De stralingsbalans en wolken

In het bericht van 12 juni 2021 besteedde ik aandacht aan de rol van wolken in de stralingsbalans van de aarde. Daarbij maakte ik onder andere gebruik van recente satellietdata  van het CERES project. Die data zijn de moeite waard om nogmaals bekeken te worden.

Fig. 1    Bron: CERES

Figuur 1 toont de energiebalans van de aarde. Bovenaan de figuur is Top Of Atmosphere (TOA)  aangegeven, de grens tussen atmosfeer en de ruimte. De CERES-satellieten meten de inkomende en uitgaande straling aan de TOA. Dat zijn de Incoming Solar Radiation, hier SW Sun genoemd, de Reflected Solar Radiation  (SW Out),  en de Outgoing LW Radiation (LW Out).

SW Sun is op langere termijn constant maar schommelt jaarlijks licht. In de periode 2001-2020  tussen 339,9 W/m2 en 340,2 W/m2, gemiddeld 340 W/m2. SW Sun minus SW Out noem ik SW Absorbed en is de energie die geabsorbeerd wordt door het aardse systeem, dus door aardoppervlak en atmosfeer.

Fig.2     Data: CERES

Het roze gekleurde vlak tussen SW Sun en SW Out is het deel dat door het aardse systeem geabsorbeerd wordt. Het is de energiebron voor vrijwel alle processen aan het aardoppervlak en in de atmosfeer. Zoals gezegd is SW Sun op langere termijn bezien constant, maar dat geldt niet voor SW Out:

Fig.3    Data: CERES

Figuur 3 toont dat SW Out van 2001 t/m 2020 een negatieve trend heeft van  -1,4 W/m2. Dat betekent dat de SW Absorbed, de energie die opgenomen wordt door het aardse systeem, is toegenomen met 1,4 W/m2. Het aardse systeem (oceanen + aardoppervlak + atmosfeer) warmt dus tussen 2001 en 2020 op doordat meer zonlicht dan voorheen het aardse systeem bereikt.
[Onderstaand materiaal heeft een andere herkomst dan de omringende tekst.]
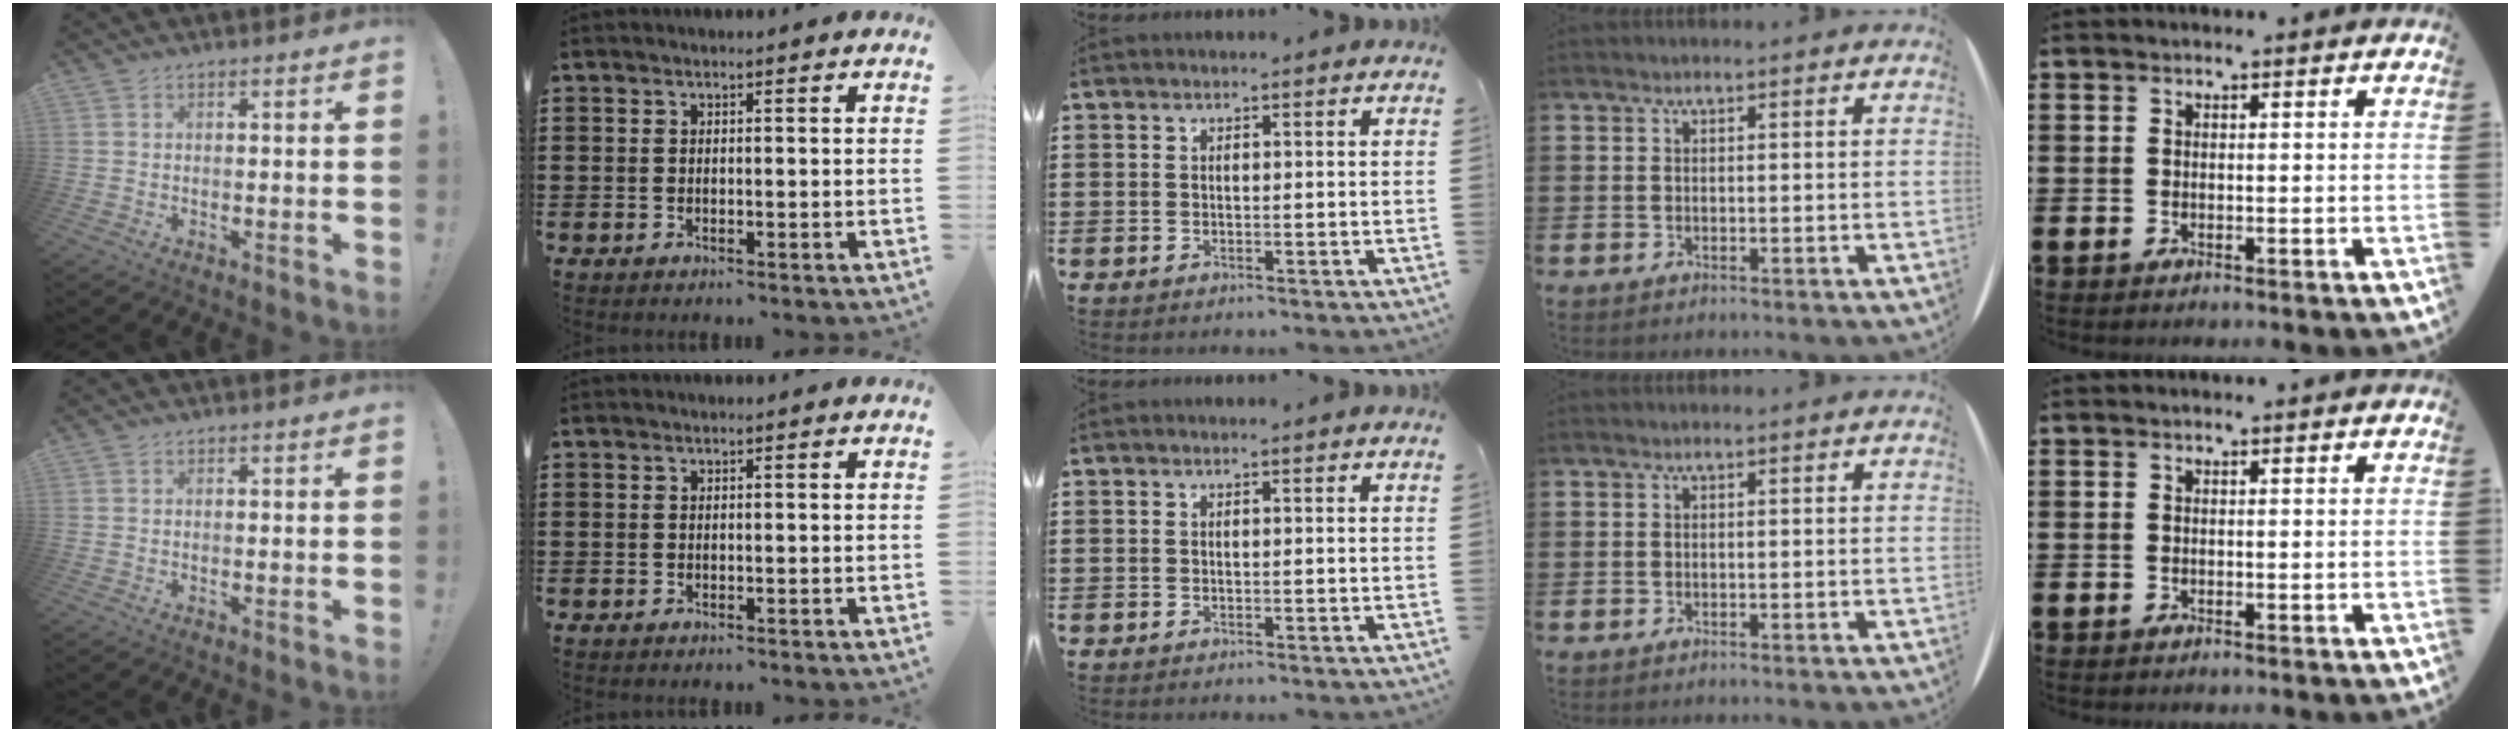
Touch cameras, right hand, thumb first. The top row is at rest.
{}

De eerste wet van de thermodynamica  (wet van behoud van energie) vereist dat de zonne-energie geabsorbeerd door het aardse systeem gelijk is aan de energie die door het aardse systeem de ruimte in wordt gezonden. Op langere termijn zijn netto inkomende en uitgaande straling (SW Absorbed en LW Out) dus gelijk, maar meestal is er sprake van een lichte onbalans vanwege vertragende effecten binnen het aardse systeem.

Fig.4    Data: CERES

Figuur 4 laat de onbalans zien tussen die binnenkomende en uitgaande straling. De balans voor het aardse systeem is positief want over de periode 2002 t/m 2020 wordt er meer energie door het aardse systeem geabsorbeerd dan dat er als LW Out naar buiten gaat. Er is sprake van een vertraging in LW Out. Een belangrijke oorzaak daarvan is dat 70% van het aardoppervlak uit water bestaat, dat een groot deel van de binnenvallende energie absorbeert. Anders dan op het continent waar slechts een zeer dun laagje opgewarmd wordt, wordt in zeeën en oceanen vanwege de fysische eigenschappen van het water (goed doorzichtig, grote warmtecapaciteit en stromingen) de kortgolvige straling in een laag water van enkele kilometers dik geabsorbeerd en omgezet in warmte.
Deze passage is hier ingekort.